Using existing tools to serve models
There are a lot of tools to serve models available now. Some popular tools include the following:
- BentoML (https://www.bentoml.com/)
- MLflow (https://mlflow.org/)
- KServe (https://kserve.github.io/website/0.8/)
- Seldon core (https://www.seldon.io/solutions/open-source-projects/core)
- Cortex (https://www.cortex.dev/)
- TensorFlow Serving (https://www.tensorflow.org/tfx/guide/serving)
- TorchServe (https://pytorch.org/serve/index.html)
- Ray Serve (https://www.ray.io/ray-serve)
- Multi Model Server (MMS) (https://github.com/awslabs/multi-model-server)
- ForestFlow (https://github.com/ForestFlow/ForestFlow)
- DeepDetect (https://www.deepdetect.com/overview/introduction)

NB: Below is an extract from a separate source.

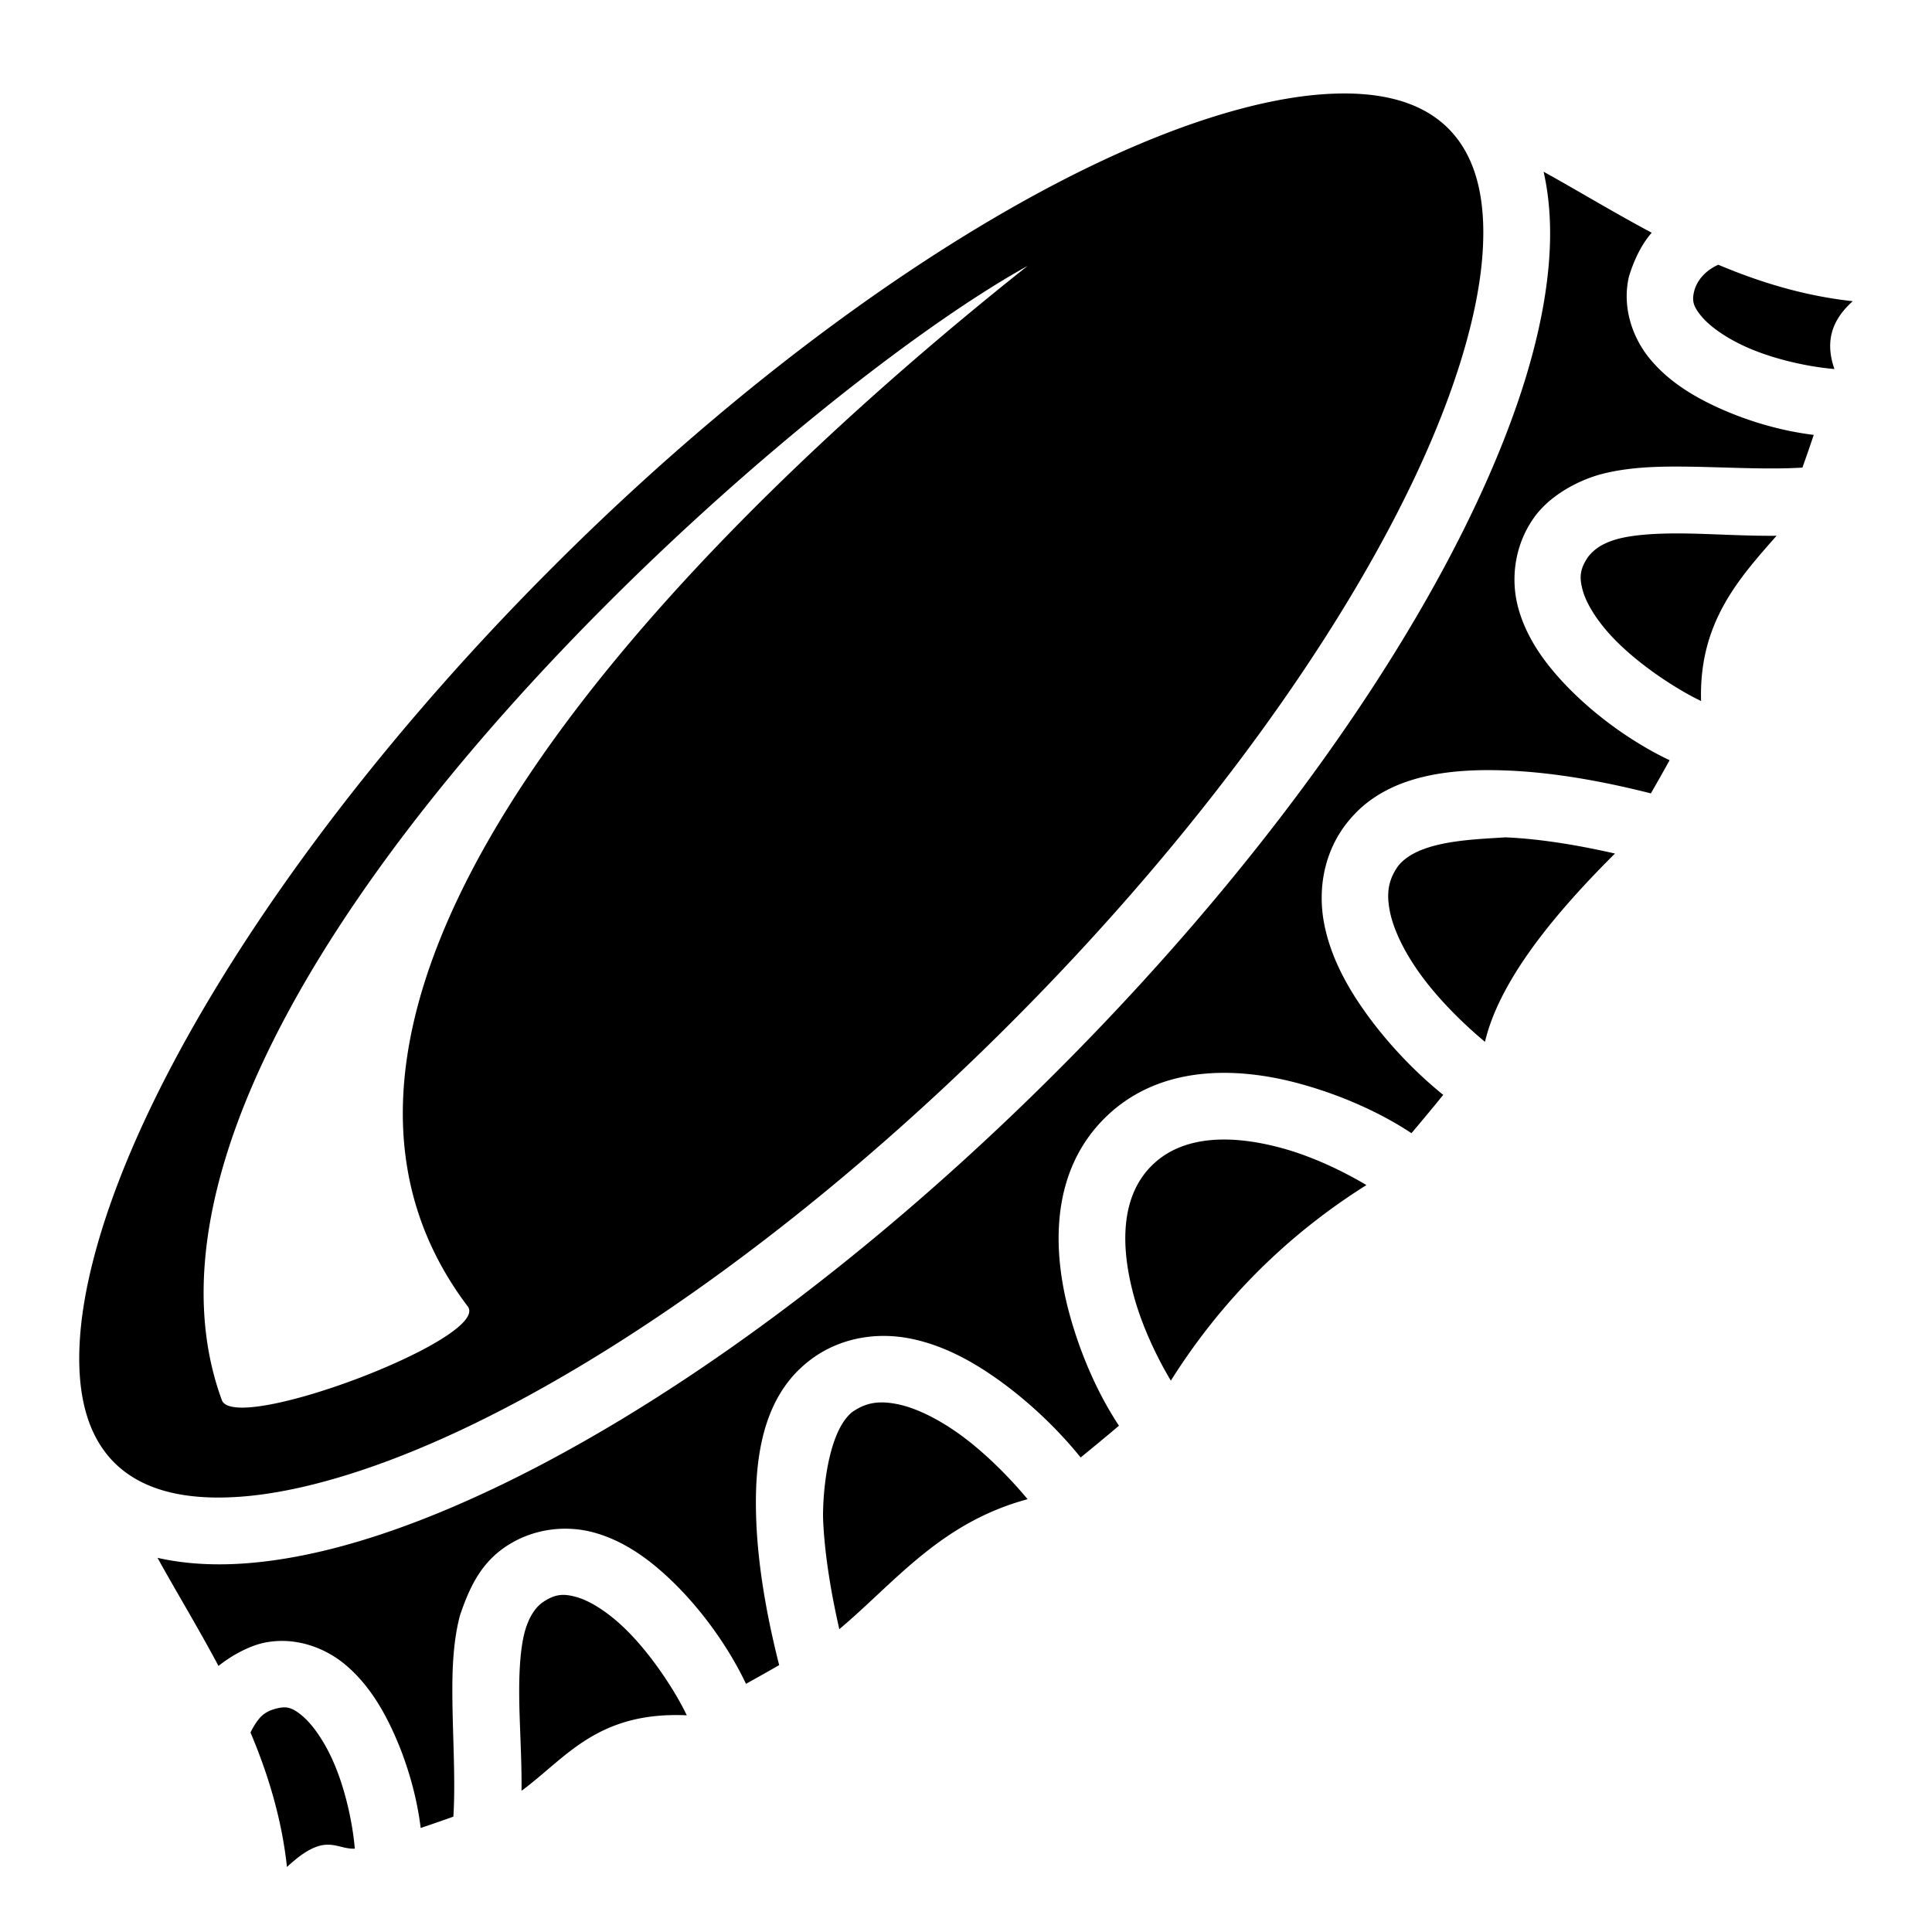 <svg xmlns="http://www.w3.org/2000/svg" viewBox="0 0 512 512"><path fill="#000" d="M146.499 150.27C96.573 200.195 58.83 252.838 38.41 296.735c-10.21 21.949-16.034 41.712-17.185 57.376-1.152 15.663 2.144 26.57 9.05 33.477 6.907 6.906 17.815 10.203 33.478 9.051 15.663-1.152 35.427-6.975 57.376-17.185 43.897-20.42 96.54-58.163 146.465-108.088 49.926-49.926 87.668-102.569 108.088-146.466 10.21-21.948 16.034-41.712 17.185-57.375 1.152-15.664-2.144-26.571-9.05-33.477-6.907-6.907-17.815-10.204-33.478-9.052-15.663 1.152-35.427 6.975-57.376 17.185-43.897 20.42-96.54 58.163-146.465 108.089zm13.935 10.213c41.592-41.69 85.542-75.431 111.893-90.014-57.86 45.917-217.929 183.745-148.373 275.74 6.305 8.34-61.76 34.137-65.167 24.83-22.38-61.146 36.763-145.52 101.647-210.556zM41.744 412.841c4.947 8.962 10.733 18.459 16.161 28.652 3.506-2.819 7.906-5.132 11.59-6.03 8.066-1.885 16.128.87 21.76 5.488 5.63 4.619 9.599 10.81 12.702 17.479 3.899 8.377 6.483 17.462 7.526 26.004 2.893-.971 5.78-1.972 8.664-3.002.606-9.63-.184-21-.264-31.983-.053-7.272.214-14.436 1.99-21.283 2.625-7.78 5.641-13.813 11.925-18.142 7.374-5.046 16.26-5.932 23.704-3.857 7.443 2.076 13.74 6.48 19.25 11.573 9.504 8.784 16.758 19.647 20.942 28.494a573.433 573.433 0 0 0 8.793-4.965c-2.562-10.086-5.463-23.926-6.049-37.782-.6-14.18.845-29.487 10.423-39.63a34.039 34.039 0 0 1 4.62-4.014c7.867-5.586 17.288-6.762 25.611-5.138 8.324 1.624 15.891 5.63 22.704 10.407 9.209 6.458 16.99 14.19 22.588 21.131a644.594 644.594 0 0 0 10.154-8.416c-5.173-7.802-9.976-18.099-13.13-29.667-4.607-16.888-5.025-37.474 9.24-51.74 14.267-14.267 34.853-13.848 51.741-9.242 11.568 3.155 21.865 7.958 29.667 13.13 2.839-3.36 5.652-6.74 8.417-10.153-6.942-5.598-14.674-13.38-21.131-22.588-4.778-6.813-8.784-14.38-10.408-22.704-1.624-8.324-.448-17.745 5.138-25.611 1.29-1.79 2.581-3.22 4.014-4.62 10.144-9.578 25.45-11.023 39.63-10.423 13.857.586 27.696 3.487 37.782 6.049 1.682-2.921 3.34-5.852 4.966-8.793-8.848-4.184-19.71-11.439-28.494-20.942-5.094-5.511-9.498-11.807-11.573-19.25-2.076-7.444-1.19-16.33 3.856-23.704 4.123-6.084 11.761-10.219 18.142-11.925 6.847-1.776 14.012-2.043 21.283-1.99 10.983.08 22.354.87 31.984.264a479.55 479.55 0 0 0 3-8.664c-8.54-1.043-17.625-3.628-26.003-7.527-6.668-3.103-12.86-7.07-17.479-12.702-4.618-5.63-7.373-13.693-5.487-21.76 1.381-4.477 3.342-8.52 6.03-11.59-10.194-5.427-19.69-11.213-28.652-16.16 1.638 7.21 2.07 15.074 1.464 23.308-1.386 18.847-7.97 40.285-18.792 63.55C370.099 178.9 331.28 232.728 280.119 283.89c-51.16 51.16-104.99 89.98-151.518 111.624-23.264 10.822-44.702 17.405-63.549 18.791-8.234.606-16.098.175-23.307-1.464zm27.564 41.953a8.414 8.414 0 0 0-.466.471 17.728 17.728 0 0 0-2.452 3.877c4.645 11.014 8.274 22.823 9.658 35.629 10.182-9.497 12.795-4.634 17.98-4.858-.602-7.144-2.702-16.64-6.132-24.01-2.358-5.067-5.308-9.151-7.874-11.256-2.567-2.105-3.98-2.523-6.496-1.934-1.806.422-3.107 1.04-4.218 2.08zM451.197 73.13c-1.103 1.22-1.886 2.64-2.255 4.166-.588 2.517-.171 3.93 1.934 6.496 2.105 2.567 6.19 5.517 11.256 7.874 7.37 3.43 16.866 5.53 24.01 6.133-2.121-6.134-1.639-12.173 4.858-17.98-12.806-1.384-24.615-5.013-35.629-9.659-1.648.729-3.071 1.75-4.174 2.97zM142.84 425.434c-2.1 2.002-3.244 5.007-3.82 7.18-1.091 4.203-1.474 10.068-1.425 16.706.056 7.712.702 16.382.617 25.255 11.754-8.651 20.014-21.068 43.794-20.002-3.048-6.404-9.84-16.95-17.28-23.825-4.184-3.868-8.54-6.56-11.982-7.52-3.443-.96-5.68-.82-8.944 1.415-.34.24-.66.505-.96.79zm278.79-278.746c-.265.278-.518.572-.76.883-2.233 3.265-2.373 5.501-1.413 8.944.96 3.443 3.651 7.798 7.52 11.984 6.875 7.438 17.42 14.23 23.825 17.278-.606-20.71 9.905-32.31 20.001-43.794-8.873.085-17.543-.56-25.255-.617-6.638-.048-12.502.335-16.705 1.425-2.952.802-5.363 1.952-7.214 3.897zm-50.02 81.633c-.398.372-.764.767-1.096 1.188-2.641 3.72-3.123 7.204-2.195 11.963.929 4.758 3.685 10.448 7.525 15.925 5.06 7.215 12.092 14.048 17.687 18.698 3.589-15.098 16.365-31.912 34.451-49.896-8.701-1.987-19.218-3.878-29.014-4.293-8.39.554-21.39.837-27.358 6.415zM225.128 374.845c-6.146 6.112-7.177 22.42-6.992 27.894.414 9.797 2.305 20.314 4.292 29.015 14.862-12.526 26.804-28.222 49.896-34.452-4.65-5.594-11.483-12.627-18.698-17.686-5.477-3.84-11.167-6.597-15.925-7.525-4.758-.929-8.243-.446-11.963 2.195a9.727 9.727 0 0 0-.61.559zm80.045-65.901c-8.004 8.004-8.422 20.823-4.677 34.556 2.241 8.218 6.212 16.39 9.79 22.387 13.324-21.166 30.664-38.507 51.83-51.831-5.997-3.577-14.168-7.548-22.386-9.79-13.734-3.745-26.553-3.326-34.557 4.678z"/></svg>

- Some examples of app-serving tools are CoreML and TensorFlow.js
There are many other tools being developed and made available to users. We will discuss a few of these tools in detail along with examples in the last part of this book.
Sometimes, developers also use very basic REST APIs developed using Flask or FastAPI if the model is simple and does not need frequent updates. This helps software engineers just follow the web development serving life cycle instead of the complex ML model serving life cycle.
These tools aim to reduce the challenges involved in model serving and make resilient model serving easier. However, the availability of a large number of tools also gives rise to confusion in choosing the best tool.
We have now discussed the advantages and challenges of model serving and also introduced some currently available tools for model serving.